The example here utilizes cromwell, an open source workflow runner developed by the Broad Institute. Cromwell will take care of building the app based on the definition, and then running it based on the inputs provided.
Workflows can also be exported as WDL workflows. A tarball will be generated with multiple Dockerfiles, multiple WDL tasks for each individual tool, and a WDL task for the overall workflow. A README.md is provided with brief instructions on use.
Clicking on a job will take you to the job details page. The bottom section of the page shows the inputs that were chosen when the job was launched. If the job has finished successfully, it also shows the generated outputs. If the job has failed, it shows information related to the error.

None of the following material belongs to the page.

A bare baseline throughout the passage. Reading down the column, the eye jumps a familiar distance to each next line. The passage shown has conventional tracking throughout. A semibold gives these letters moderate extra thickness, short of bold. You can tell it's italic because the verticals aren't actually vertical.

The top section shows the job's state next to its name. Jobs go through the following states:
|idle||The job has just been submitted. (Unless there is a cloud exception, jobs stay in that state only for a few seconds).|
|runnable||The job has been scheduled for execution, and a new virtual machine is getting initialized in order to run the job. Depending on cloud conditions, jobs may remain in that state anywhere between 0 and 20 minutes.|
|running||The job is currently running.|
|waiting_on_output||The job has finished successfully and has produced files which are being finalized by the system.|
|done||The job has finished successfully and its file outputs are available in the Files section.|
|failed||The job has failed. (In this case, no outputs are produced).|
|terminated||The job was terminated by the user before it had a chance to finish.|
The top section of the job details page displays additional information, including the job's instance type, duration and energy consumed. The energy consumed is calculated from a formula that takes into account the instance type as well as the duration. Jobs that run longer or that use more powerful instance types will consume more energy. Therefore, this metric can be used to compare pipelines in terms of their algorithmic efficiency.

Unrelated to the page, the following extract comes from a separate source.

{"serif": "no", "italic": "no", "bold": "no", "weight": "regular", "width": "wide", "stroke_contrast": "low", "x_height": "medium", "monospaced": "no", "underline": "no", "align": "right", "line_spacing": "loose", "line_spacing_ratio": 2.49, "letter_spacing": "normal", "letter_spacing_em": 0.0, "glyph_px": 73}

After the job has started running, you can review its log by clicking the "View Log" button. The log shows each line of the app script as it is being executed, and any messages generated in the Linux "standard output" or "standard error" streams. In addition, every 10 minutes the log shows a status line with memory, CPU, hard drive, and network bandwidth utilization. If you are looking at the logs while the job is running, click the "Refresh" button (or simply refresh the web page) to fetch any log updates — the page does not update itself in real time.
If the job is running (or queued for execution), you can terminate it by clicking the "Terminate" button.